Additional common rules:

- When there are three shooters left, the players can decide to start shooting from the 3 Point line instead, then when there are two shooters left, they can decide if they want to shoot from the half court line or circle.
- If they decide, the players that have been eliminated can stand under the hoop. If the shooters shoot an air-ball (a shot that does not touch the basketball hoop or backboard), the players under the hoop can catch the ball. The player that catches the ball switches places with the shooter that shot the air-ball. Nothing happens if the players under the hoop do not catch an air-ball. This rule is often disputed by the players to be dangerous, because many times the players under the hoop sit down directly under the hoop waiting for air-balls and not paying attention if a ball will hit them.
- The winner is allowed to pick where the new shooting point is.
- The winner of the previous game must go 1st or 2nd in the next game, thus putting him/her at risk for the former or in safety for the latter.
- When a player is eliminated, any other players that player previously eliminated return to play at the end of the line. For example: Alice, Bob, Cami, Dan, and Edgar are playing. Dan eliminates Cami and Bob. Later, Edgar eliminates Dan so Cami and Bob return to play at the end of the line. This variant is called Revenge. The logic for this version is that the winner must eliminate all other players in order to win. A game of revenge can take a long time to finish since any player can be eliminated and return to play any number of times. Some versions of revenge put a limit on how many times a player can return to play; i.e., once a player has been eliminated five times (for example), that player cannot return to play.
- Forcing the second shooter to wait for the shot from the first shooter to touch or pass the rim or backboard before taking a first shot.
- When a player is eliminated, there is a variation not to wait until both balls return to the line. As soon as the first ball is returned, the next player may shoot.

===King of the Court===
Another less common streetball variant, often referred to as "King of the Court", or "Boston", results in essentially a one-on-one or sometimes two-on-two tournament between any number of players. Each match is played following normal one-on-one rules, including violations (such as fouls and out-of-bounds) to just one point. The winner remains on the court and gets to take the ball out while the loser returns to the end of the line of players waiting to step on the court. The first player to win a set number of matches (usually 7 or 11) wins the game can only take one shot per turn.

===Beach basketball===
Beach basketball may be played on concrete or on sand. It was invented in the United States by Philip Bryant in the early 1980s on the PE fields of Gulf Shores School in Gulf Shores, Alabama. The game is played on a circular court with no backboard on the goal. There are no out-of-bounds, ball movement is via the pass or 2½ steps, and there is no dribbling. Eighteen World Beach Basketball Association World Championships have been played over the years.

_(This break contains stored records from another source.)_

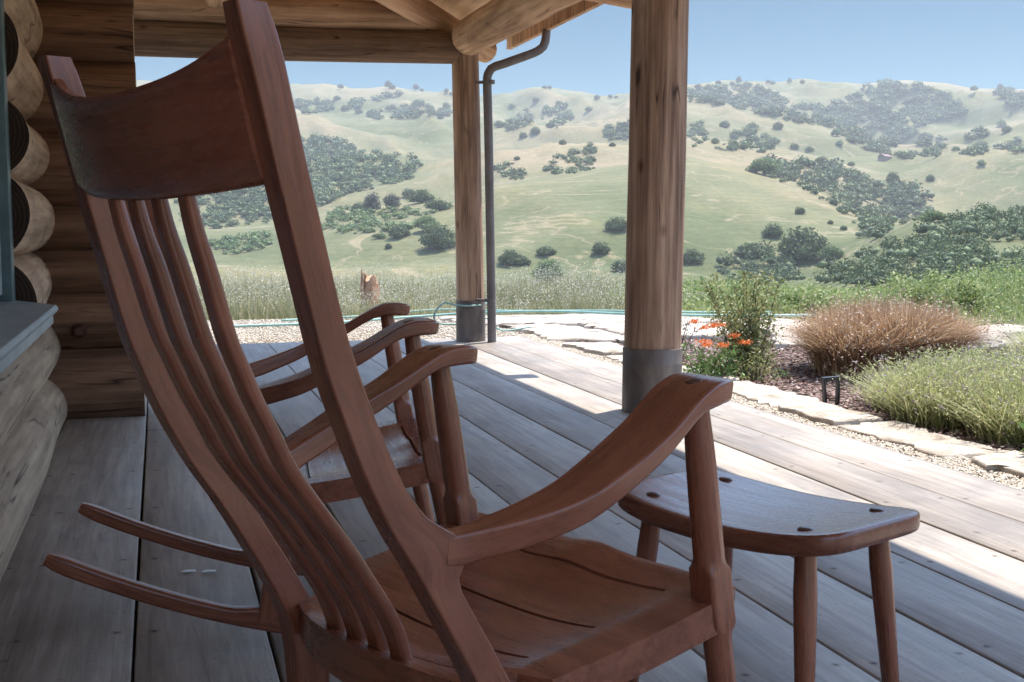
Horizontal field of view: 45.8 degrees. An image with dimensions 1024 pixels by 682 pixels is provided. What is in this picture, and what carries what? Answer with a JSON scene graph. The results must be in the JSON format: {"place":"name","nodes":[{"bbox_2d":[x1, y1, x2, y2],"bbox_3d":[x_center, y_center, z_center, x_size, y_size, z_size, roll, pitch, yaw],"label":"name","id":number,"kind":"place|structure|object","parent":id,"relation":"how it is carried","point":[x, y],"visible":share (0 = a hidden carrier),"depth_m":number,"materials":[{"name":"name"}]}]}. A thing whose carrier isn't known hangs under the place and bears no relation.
{"place":"outdoors","nodes":[
{"label":"outdoors","id":0,"kind":"place"},
{"bbox_2d":[207,315,525,343],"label":"gravel yard","id":1,"kind":"structure","parent":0,"point":[301,337],"depth_m":10.36,"materials":[{"name":"beige gravel"}]},
{"bbox_2d":[195,266,716,320],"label":"tall grass","id":2,"kind":"structure","parent":0,"point":[242,310],"depth_m":13.51,"materials":[{"name":"plant"}]},
{"bbox_2d":[193,258,735,315],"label":"grass seed heads","id":3,"kind":"object","parent":2,"relation":"attached to","point":[425,283],"depth_m":13.78,"materials":[{"name":"beige plant"}]},
{"bbox_2d":[135,0,1023,95],"label":"sky","id":4,"kind":"structure","parent":0,"point":[965,43],"materials":[{"name":"blue"}]},
{"bbox_2d":[136,78,1023,320],"bbox_3d":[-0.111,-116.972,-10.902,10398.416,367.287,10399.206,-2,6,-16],"label":"hills","id":5,"kind":"structure","parent":0,"point":[732,204],"depth_m":928.26,"materials":[{"name":"green plant"}]},
{"bbox_2d":[132,405,147,681],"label":"deck framing","id":6,"kind":"object","parent":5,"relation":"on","point":[139,555],"depth_m":3.45,"materials":[{"name":"wood"}]},
{"bbox_2d":[0,336,1023,681],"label":"deck","id":7,"kind":"structure","parent":6,"relation":"on","point":[536,416],"depth_m":3.43,"materials":[{"name":"grey wood"}]},
{"bbox_2d":[0,0,145,583],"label":"log cabin","id":8,"kind":"object","parent":7,"relation":"on","point":[63,357],"visible":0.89,"depth_m":5.24,"materials":[{"name":"brown wood"}]},
{"bbox_2d":[0,0,57,373],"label":"window","id":9,"kind":"structure","parent":8,"relation":"in","point":[21,322],"depth_m":3.99,"materials":[{"name":"paint"}]},
{"bbox_2d":[43,200,445,633],"bbox_3d":[-0.416,0.083,2.731,1.157,1.100,0.646,-1,6,-11],"label":"rocking chair","id":10,"kind":"object","parent":7,"relation":"on","point":[410,438],"visible":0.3,"depth_m":2.50,"materials":[{"name":"brown wood"}]},
{"bbox_2d":[38,0,736,681],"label":"rocking chair","id":11,"kind":"object","parent":7,"relation":"on","point":[524,590],"visible":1,"depth_m":1.44,"materials":[{"name":"brown wood"}]},
{"bbox_2d":[452,52,485,341],"bbox_3d":[-0.329,-1.148,9.233,0.254,2.302,0.229,-2,6,-16],"label":"porch post","id":12,"kind":"object","parent":7,"relation":"on","point":[470,324],"visible":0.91,"depth_m":9.16,"materials":[{"name":"wood"}]},
{"bbox_2d":[134,20,459,63],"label":"tie beam","id":13,"kind":"structure","parent":12,"relation":"on","point":[172,39],"depth_m":8.77,"materials":[{"name":"brown wood"}]},
{"bbox_2d":[133,0,425,30],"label":"porch ceiling","id":14,"kind":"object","parent":13,"relation":"on","point":[360,14],"visible":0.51,"depth_m":8.67,"materials":[{"name":"brown wood"}]},
{"bbox_2d":[433,302,530,330],"bbox_3d":[-0.179,-0.186,9.459,1.001,0.269,0.310,-4,7,-34],"label":"garden hose","id":15,"kind":"object","parent":12,"relation":"attached to","point":[441,304],"visible":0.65,"depth_m":9.25,"materials":[{"name":"rubber"}]},
{"bbox_2d":[475,28,550,341],"bbox_3d":[0.011,-1.170,9.178,0.575,2.357,0.108,-2,6,-16],"label":"downpipe","id":16,"kind":"object","parent":12,"relation":"attached to","point":[487,82],"visible":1,"depth_m":9.09,"materials":[{"name":"grey metal"}]},
{"bbox_2d":[622,0,688,412],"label":"porch post","id":17,"kind":"object","parent":7,"relation":"on","point":[652,352],"visible":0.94,"depth_m":5.65,"materials":[{"name":"wood"}]},
{"bbox_2d":[452,0,582,54],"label":"eave beam","id":18,"kind":"structure","parent":17,"relation":"on","point":[491,23],"depth_m":7.87,"materials":[{"name":"brown wood"}]},
{"bbox_2d":[204,0,631,62],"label":"porch roof","id":19,"kind":"structure","parent":18,"relation":"on","point":[447,15],"depth_m":8.93,"materials":[{"name":"brown wood"}]},
{"bbox_2d":[618,470,919,681],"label":"footstool","id":20,"kind":"object","parent":7,"relation":"on","point":[805,530],"visible":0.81,"depth_m":2.07,"materials":[{"name":"brown wood"}]},
{"bbox_2d":[173,132,423,228],"bbox_3d":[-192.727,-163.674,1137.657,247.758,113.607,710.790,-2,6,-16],"label":"oak woodland","id":21,"kind":"object","parent":5,"relation":"on","point":[249,206],"visible":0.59,"depth_m":1004.91,"materials":[{"name":"green plant"}]},
{"bbox_2d":[209,203,451,253],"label":"scrub strip","id":22,"kind":"object","parent":5,"relation":"on","point":[230,243],"visible":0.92,"depth_m":664.05,"materials":[{"name":"green plant"}]},
{"bbox_2d":[351,202,363,210],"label":"oak tree","id":23,"kind":"object","parent":5,"relation":"on","point":[356,206],"visible":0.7,"depth_m":719.40,"materials":[{"name":"green plant"}]},
{"bbox_2d":[360,269,379,310],"bbox_3d":[-1.522,-0.550,13.095,0.244,0.470,0.156,-4,7,-33],"label":"jagged stump","id":24,"kind":"object","parent":5,"relation":"on","point":[368,283],"visible":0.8,"depth_m":13.04,"materials":[{"name":"brown wood"}]},
{"bbox_2d":[361,191,380,209],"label":"oak tree","id":25,"kind":"object","parent":5,"relation":"on","point":[371,200],"visible":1,"depth_m":699.55,"materials":[{"name":"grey plant"}]},
{"bbox_2d":[366,110,376,115],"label":"oak tree","id":26,"kind":"object","parent":5,"relation":"on","point":[371,112],"visible":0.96,"depth_m":2024.09,"materials":[{"name":"green plant"}]},
{"bbox_2d":[371,232,386,238],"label":"oak tree","id":27,"kind":"object","parent":5,"relation":"on","point":[379,235],"visible":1,"depth_m":602.63,"materials":[{"name":"green plant"}]},
{"bbox_2d":[382,192,401,210],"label":"oak tree","id":28,"kind":"object","parent":5,"relation":"on","point":[392,200],"visible":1,"depth_m":688.69,"materials":[{"name":"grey plant"}]},
{"bbox_2d":[387,224,410,237],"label":"oak tree","id":29,"kind":"object","parent":5,"relation":"on","point":[397,231],"visible":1,"depth_m":597.16,"materials":[{"name":"green plant"}]},
{"bbox_2d":[401,188,414,196],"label":"oak tree","id":30,"kind":"object","parent":5,"relation":"on","point":[406,192],"visible":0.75,"depth_m":901.05,"materials":[{"name":"green plant"}]},
{"bbox_2d":[411,99,420,104],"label":"oak tree","id":31,"kind":"object","parent":5,"relation":"on","point":[416,102],"visible":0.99,"depth_m":2074.43,"materials":[{"name":"green plant"}]},
{"bbox_2d":[405,189,435,202],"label":"oak tree","id":32,"kind":"object","parent":5,"relation":"on","point":[421,196],"visible":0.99,"depth_m":716.69,"materials":[{"name":"green plant"}]},
{"bbox_2d":[411,214,440,231],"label":"oak tree","id":33,"kind":"object","parent":5,"relation":"on","point":[423,223],"visible":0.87,"depth_m":602.62,"materials":[{"name":"green plant"}]},
{"bbox_2d":[426,106,435,111],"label":"oak tree","id":34,"kind":"object","parent":5,"relation":"on","point":[430,108],"visible":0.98,"depth_m":2054.98,"materials":[{"name":"green plant"}]},
{"bbox_2d":[418,224,455,248],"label":"oak tree","id":35,"kind":"object","parent":5,"relation":"on","point":[437,237],"visible":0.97,"depth_m":567.41,"materials":[{"name":"green plant"}]},
{"bbox_2d":[423,197,453,209],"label":"oak tree","id":36,"kind":"object","parent":5,"relation":"on","point":[438,204],"visible":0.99,"depth_m":663.56,"materials":[{"name":"green plant"}]},
{"bbox_2d":[295,89,628,179],"bbox_3d":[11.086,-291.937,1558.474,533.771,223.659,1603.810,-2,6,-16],"label":"thicket","id":37,"kind":"object","parent":5,"relation":"on","point":[410,109],"visible":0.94,"depth_m":1627.50,"materials":[{"name":"green plant"}]},
{"bbox_2d":[493,120,503,126],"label":"oak tree","id":38,"kind":"object","parent":5,"relation":"on","point":[499,123],"visible":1,"depth_m":1567.88,"materials":[{"name":"green plant"}]},
{"bbox_2d":[497,249,524,264],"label":"oak tree","id":39,"kind":"object","parent":5,"relation":"on","point":[511,256],"visible":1,"depth_m":518.27,"materials":[{"name":"green plant"}]},
{"bbox_2d":[515,256,531,264],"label":"oak tree","id":40,"kind":"object","parent":5,"relation":"on","point":[525,262],"visible":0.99,"depth_m":519.07,"materials":[{"name":"green plant"}]},
{"bbox_2d":[519,132,527,137],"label":"oak tree","id":41,"kind":"object","parent":5,"relation":"on","point":[523,134],"visible":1,"depth_m":1496.71,"materials":[{"name":"green plant"}]},
{"bbox_2d":[530,126,539,133],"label":"oak tree","id":42,"kind":"object","parent":5,"relation":"on","point":[535,129],"visible":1,"depth_m":1500.92,"materials":[{"name":"green plant"}]},
{"bbox_2d":[535,245,556,254],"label":"oak tree","id":43,"kind":"object","parent":5,"relation":"on","point":[543,250],"visible":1,"depth_m":530.84,"materials":[{"name":"green plant"}]},
{"bbox_2d":[531,258,563,278],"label":"oak tree","id":44,"kind":"object","parent":5,"relation":"on","point":[551,262],"visible":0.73,"depth_m":489.47,"materials":[{"name":"green plant"}]},
{"bbox_2d":[545,121,555,126],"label":"oak tree","id":45,"kind":"object","parent":5,"relation":"on","point":[550,124],"visible":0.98,"depth_m":1592.67,"materials":[{"name":"green plant"}]},
{"bbox_2d":[565,112,574,117],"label":"oak tree","id":46,"kind":"object","parent":5,"relation":"on","point":[570,115],"visible":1,"depth_m":2105.84,"materials":[{"name":"green plant"}]},
{"bbox_2d":[591,241,610,252],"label":"oak tree","id":47,"kind":"object","parent":5,"relation":"on","point":[598,247],"visible":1,"depth_m":525.31,"materials":[{"name":"green plant"}]},
{"bbox_2d":[603,129,615,135],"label":"oak tree","id":48,"kind":"object","parent":5,"relation":"on","point":[610,132],"visible":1,"depth_m":1453.74,"materials":[{"name":"green plant"}]},
{"bbox_2d":[603,217,626,229],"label":"oak tree","id":49,"kind":"object","parent":5,"relation":"on","point":[617,223],"visible":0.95,"depth_m":553.51,"materials":[{"name":"green plant"}]},
{"bbox_2d":[610,259,625,270],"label":"oak tree","id":50,"kind":"object","parent":5,"relation":"on","point":[622,267],"visible":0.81,"depth_m":498.64,"materials":[{"name":"green plant"}]},
{"bbox_2d":[683,248,705,262],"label":"oak tree","id":51,"kind":"object","parent":5,"relation":"on","point":[691,256],"visible":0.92,"depth_m":507.95,"materials":[{"name":"green plant"}]},
{"bbox_2d":[719,120,729,127],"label":"oak tree","id":52,"kind":"object","parent":5,"relation":"on","point":[725,124],"visible":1,"depth_m":1454.17,"materials":[{"name":"green plant"}]},
{"bbox_2d":[686,119,781,152],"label":"slope thicket","id":53,"kind":"object","parent":5,"relation":"on","point":[732,146],"visible":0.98,"depth_m":1404.77,"materials":[{"name":"green plant"}]},
{"bbox_2d":[740,143,747,149],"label":"oak tree","id":54,"kind":"object","parent":5,"relation":"on","point":[744,146],"visible":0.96,"depth_m":969.73,"materials":[{"name":"green plant"}]},
{"bbox_2d":[745,157,783,174],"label":"oak tree","id":55,"kind":"object","parent":5,"relation":"on","point":[764,165],"visible":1,"depth_m":732.21,"materials":[{"name":"green plant"}]},
{"bbox_2d":[761,222,783,237],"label":"oak tree","id":56,"kind":"object","parent":5,"relation":"on","point":[773,231],"visible":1,"depth_m":544.84,"materials":[{"name":"green plant"}]},
{"bbox_2d":[772,122,783,128],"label":"oak tree","id":57,"kind":"object","parent":5,"relation":"on","point":[777,125],"visible":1,"depth_m":1453.91,"materials":[{"name":"green plant"}]},
{"bbox_2d":[790,143,799,148],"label":"oak tree","id":58,"kind":"object","parent":5,"relation":"on","point":[794,145],"visible":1,"depth_m":1390.65,"materials":[{"name":"green plant"}]},
{"bbox_2d":[794,206,805,213],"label":"oak tree","id":59,"kind":"object","parent":5,"relation":"on","point":[801,210],"visible":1,"depth_m":594.52,"materials":[{"name":"green plant"}]},
{"bbox_2d":[576,248,1023,329],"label":"green weeds","id":60,"kind":"object","parent":5,"relation":"on","point":[995,303],"visible":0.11,"depth_m":13.37,"materials":[{"name":"green plant"}]},
{"bbox_2d":[776,226,830,259],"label":"oak tree","id":61,"kind":"object","parent":5,"relation":"on","point":[803,244],"visible":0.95,"depth_m":501.82,"materials":[{"name":"green plant"}]},
{"bbox_2d":[778,288,836,313],"bbox_3d":[2.883,-0.304,11.906,0.564,0.427,0.616,-2,6,-16],"label":"weed clump","id":62,"kind":"object","parent":5,"relation":"on","point":[812,297],"visible":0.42,"depth_m":11.87,"materials":[{"name":"green plant"}]},
{"bbox_2d":[815,156,828,163],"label":"oak tree","id":63,"kind":"object","parent":5,"relation":"on","point":[819,159],"visible":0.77,"depth_m":1037.80,"materials":[{"name":"green plant"}]},
{"bbox_2d":[816,245,845,259],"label":"oak tree","id":64,"kind":"object","parent":5,"relation":"on","point":[831,251],"visible":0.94,"depth_m":492.31,"materials":[{"name":"green plant"}]},
{"bbox_2d":[830,128,842,135],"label":"oak tree","id":65,"kind":"object","parent":5,"relation":"on","point":[836,132],"visible":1,"depth_m":1446.76,"materials":[{"name":"green plant"}]},
{"bbox_2d":[762,153,935,237],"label":"gully woodland","id":66,"kind":"object","parent":5,"relation":"on","point":[902,192],"visible":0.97,"depth_m":929.68,"materials":[{"name":"green plant"}]},
{"bbox_2d":[846,137,858,142],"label":"oak tree","id":67,"kind":"object","parent":5,"relation":"on","point":[853,140],"visible":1,"depth_m":1422.38,"materials":[{"name":"green plant"}]},
{"bbox_2d":[687,77,1023,157],"bbox_3d":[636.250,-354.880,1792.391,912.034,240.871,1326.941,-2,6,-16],"label":"woodland","id":68,"kind":"object","parent":5,"relation":"on","point":[915,112],"visible":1,"depth_m":2052.51,"materials":[{"name":"green plant"}]},
{"bbox_2d":[714,201,1023,285],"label":"slope woodland","id":69,"kind":"object","parent":5,"relation":"on","point":[941,250],"visible":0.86,"depth_m":307.85,"materials":[{"name":"green plant"}]},
{"bbox_2d":[865,186,884,198],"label":"oak tree","id":70,"kind":"object","parent":5,"relation":"on","point":[877,192],"visible":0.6,"depth_m":961.52,"materials":[{"name":"green plant"}]},
{"bbox_2d":[877,154,892,160],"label":"barn","id":71,"kind":"structure","parent":5,"relation":"on","point":[883,157],"depth_m":1140.94,"materials":[{"name":"white"}]},
{"bbox_2d":[887,171,899,178],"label":"oak tree","id":72,"kind":"object","parent":5,"relation":"on","point":[893,175],"visible":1,"depth_m":1032.01,"materials":[{"name":"green plant"}]},
{"bbox_2d":[884,268,964,304],"bbox_3d":[4.440,-0.464,12.986,0.862,0.648,0.861,-2,6,-16],"label":"weed clump","id":73,"kind":"object","parent":5,"relation":"on","point":[918,292],"visible":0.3,"depth_m":12.95,"materials":[{"name":"green plant"}]},
{"bbox_2d":[925,174,935,180],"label":"oak tree","id":74,"kind":"object","parent":5,"relation":"on","point":[930,177],"visible":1,"depth_m":1022.21,"materials":[{"name":"green plant"}]},
{"bbox_2d":[916,209,948,222],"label":"oak tree","id":75,"kind":"object","parent":5,"relation":"on","point":[931,215],"visible":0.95,"depth_m":356.47,"materials":[{"name":"green plant"}]},
{"bbox_2d":[977,159,986,165],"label":"oak tree","id":76,"kind":"object","parent":5,"relation":"on","point":[981,162],"visible":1,"depth_m":1039.08,"materials":[{"name":"green plant"}]},
{"bbox_2d":[995,119,1006,125],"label":"oak tree","id":77,"kind":"object","parent":5,"relation":"on","point":[1001,122],"visible":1,"depth_m":1945.74,"materials":[{"name":"green plant"}]},
{"bbox_2d":[1001,125,1011,131],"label":"oak tree","id":78,"kind":"object","parent":5,"relation":"on","point":[1007,128],"visible":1,"depth_m":1468.69,"materials":[{"name":"green plant"}]},
{"bbox_2d":[577,316,1023,452],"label":"mulch bed","id":79,"kind":"object","parent":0,"point":[828,388],"visible":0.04,"depth_m":7.13,"materials":[{"name":"brown wood"}]},
{"bbox_2d":[499,324,623,343],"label":"paving slab","id":80,"kind":"structure","parent":79,"relation":"on","point":[558,332],"depth_m":9.93,"materials":[{"name":"beige stone"}]},
{"bbox_2d":[605,355,622,363],"bbox_3d":[0.851,0.152,8.064,0.309,0.058,0.744,-2,6,-16],"label":"edging stone","id":81,"kind":"object","parent":79,"relation":"on","point":[619,358],"visible":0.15,"depth_m":8.24,"materials":[{"name":"beige stone"}]},
{"bbox_2d":[577,321,762,340],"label":"paving slab","id":82,"kind":"structure","parent":79,"relation":"on","point":[614,327],"depth_m":10.33,"materials":[{"name":"beige stone"}]},
{"bbox_2d":[681,303,700,360],"bbox_3d":[1.096,-0.060,8.238,0.495,0.544,0.568,-2,6,-16],"label":"leafy shrub","id":83,"kind":"object","parent":79,"relation":"on","point":[683,337],"visible":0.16,"depth_m":8.17,"materials":[{"name":"green plant"}]},
{"bbox_2d":[682,366,739,380],"bbox_3d":[1.091,0.218,7.350,0.371,0.065,0.728,-2,6,-16],"label":"edging stone","id":84,"kind":"object","parent":79,"relation":"on","point":[733,378],"visible":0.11,"depth_m":7.12,"materials":[{"name":"beige stone"}]},
{"bbox_2d":[681,318,752,377],"bbox_3d":[1.192,0.102,7.167,0.478,0.449,0.472,0,6,-2],"label":"flowering plant","id":85,"kind":"object","parent":79,"relation":"on","point":[703,367],"visible":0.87,"depth_m":7.16,"materials":[{"name":"green plant"}]},
{"bbox_2d":[699,269,784,377],"bbox_3d":[1.463,-0.092,7.457,0.517,0.717,0.493,-2,6,-16],"label":"leafy shrub","id":86,"kind":"object","parent":79,"relation":"on","point":[753,319],"visible":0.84,"depth_m":7.42,"materials":[{"name":"green plant"}]},
{"bbox_2d":[732,347,780,383],"bbox_3d":[1.424,0.167,7.143,0.333,0.271,0.346,1,6,14],"label":"leafy shrub","id":87,"kind":"object","parent":79,"relation":"on","point":[764,371],"visible":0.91,"depth_m":7.13,"materials":[{"name":"green plant"}]},
{"bbox_2d":[711,321,814,349],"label":"paving slab","id":88,"kind":"structure","parent":79,"relation":"on","point":[783,344],"depth_m":9.74,"materials":[{"name":"beige stone"}]},
{"bbox_2d":[732,381,821,406],"bbox_3d":[1.341,0.298,6.562,0.393,0.057,0.932,-2,6,-16],"label":"edging stone","id":89,"kind":"object","parent":79,"relation":"on","point":[771,396],"visible":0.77,"depth_m":6.40,"materials":[{"name":"beige stone"}]},
{"bbox_2d":[771,364,790,377],"bbox_3d":[1.646,0.206,7.343,0.150,0.132,0.200,1,6,13],"label":"broadleaf weed","id":90,"kind":"object","parent":79,"relation":"on","point":[781,373],"visible":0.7,"depth_m":7.34,"materials":[{"name":"green plant"}]},
{"bbox_2d":[821,376,840,404],"bbox_3d":[1.604,0.278,6.164,0.160,0.192,0.060,-3,6,-30],"label":"path light","id":91,"kind":"object","parent":79,"relation":"on","point":[824,392],"visible":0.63,"depth_m":6.16,"materials":[{"name":"black metal"}]},
{"bbox_2d":[760,284,1023,380],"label":"dry grass tuft","id":92,"kind":"object","parent":79,"relation":"on","point":[839,339],"visible":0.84,"depth_m":7.38,"materials":[{"name":"brown plant"}]},
{"bbox_2d":[836,421,1009,457],"bbox_3d":[1.729,0.430,5.178,0.363,0.059,0.811,-2,6,-16],"label":"edging stone","id":93,"kind":"object","parent":79,"relation":"on","point":[923,440],"visible":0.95,"depth_m":5.10,"materials":[{"name":"beige stone"}]},
{"bbox_2d":[834,337,1023,448],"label":"ornamental grass","id":94,"kind":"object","parent":79,"relation":"on","point":[982,394],"depth_m":5.50,"materials":[{"name":"green plant"}]},
{"bbox_2d":[921,274,1014,319],"bbox_3d":[4.269,-0.318,11.537,0.886,0.651,0.924,-2,6,-16],"label":"weed clump","id":95,"kind":"object","parent":79,"relation":"on","point":[959,294],"visible":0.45,"depth_m":11.45,"materials":[{"name":"green plant"}]},
{"bbox_2d":[968,324,1023,358],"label":"boulder","id":96,"kind":"object","parent":79,"relation":"on","point":[1003,340],"visible":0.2,"depth_m":8.41,"materials":[{"name":"beige stone"}]},
{"bbox_2d":[971,450,1023,478],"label":"edging stone","id":97,"kind":"object","parent":79,"relation":"on","point":[1011,462],"visible":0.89,"depth_m":4.55,"materials":[{"name":"beige stone"}]},
{"bbox_2d":[984,316,1023,360],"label":"grey green bush","id":98,"kind":"object","parent":79,"relation":"on","point":[1019,340],"visible":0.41,"depth_m":7.28,"materials":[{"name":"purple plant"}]},
{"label":"gravel paving","id":99,"kind":"structure","parent":79,"relation":"on","visible":0},
{"bbox_2d":[438,314,797,325],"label":"paving slab","id":100,"kind":"structure","parent":99,"relation":"on","point":[568,319],"depth_m":11.42,"materials":[{"name":"beige stone"}]},
{"bbox_2d":[234,310,815,326],"bbox_3d":[0.110,-0.234,11.420,5.310,0.096,0.999,0,6,-5],"label":"garden hose","id":101,"kind":"object","parent":100,"relation":"on","point":[512,311],"visible":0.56,"depth_m":11.37,"materials":[{"name":"rubber"}]},
{"bbox_2d":[281,308,771,320],"bbox_3d":[0.140,-0.277,11.896,4.651,0.088,0.904,0,6,-2],"label":"garden hose","id":102,"kind":"object","parent":100,"relation":"on","point":[296,319],"visible":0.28,"depth_m":11.70,"materials":[{"name":"rubber"}]},
{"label":"gravel path","id":103,"kind":"structure","parent":0,"visible":0},
{"bbox_2d":[562,342,623,355],"bbox_3d":[0.656,0.073,8.815,0.416,0.072,0.775,-2,6,-16],"label":"edging stone","id":104,"kind":"object","parent":103,"relation":"on","point":[604,348],"visible":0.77,"depth_m":8.80,"materials":[{"name":"beige stone"}]},
{"bbox_2d":[512,334,1023,490],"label":"pebbles","id":105,"kind":"object","parent":103,"relation":"on","point":[964,464],"visible":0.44,"depth_m":5.05,"materials":[{"name":"gravel"}]},
{"bbox_2d":[778,402,882,425],"bbox_3d":[1.505,0.364,5.802,0.303,0.072,0.549,-2,6,-16],"label":"edging stone","id":106,"kind":"object","parent":103,"relation":"on","point":[831,414],"visible":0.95,"depth_m":5.70,"materials":[{"name":"beige stone"}]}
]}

German beach basketball uses a beach court smaller than a standard basketball court and without lines. Over the year, several tournaments are held, ending in the German championship which is organized by the German basketball federation.

Rules:
- Each team has three players plus a maximum of two players to change.
- The court consists of a sand surface in the range of about 12–15 m, and two opposing basketball baskets and backboard, which are situated on the short sides of the pitch. Basically, there are no out lines.
- A game lasts ten minutes, divided into two halves to five minutes. At halftime, the sides are changed.
- In a tournament team mentioned first at the beginning of the first half is in the possession of the ball. The second mentioned team has the ball in the second halftime.
- If the ball falls in the sand, the player first touches the ball may take the ball and continue unhindered.
- In the event of a tie during normal play, the match is decided with a free throw shoot-out. Each player gets one free throw for their team.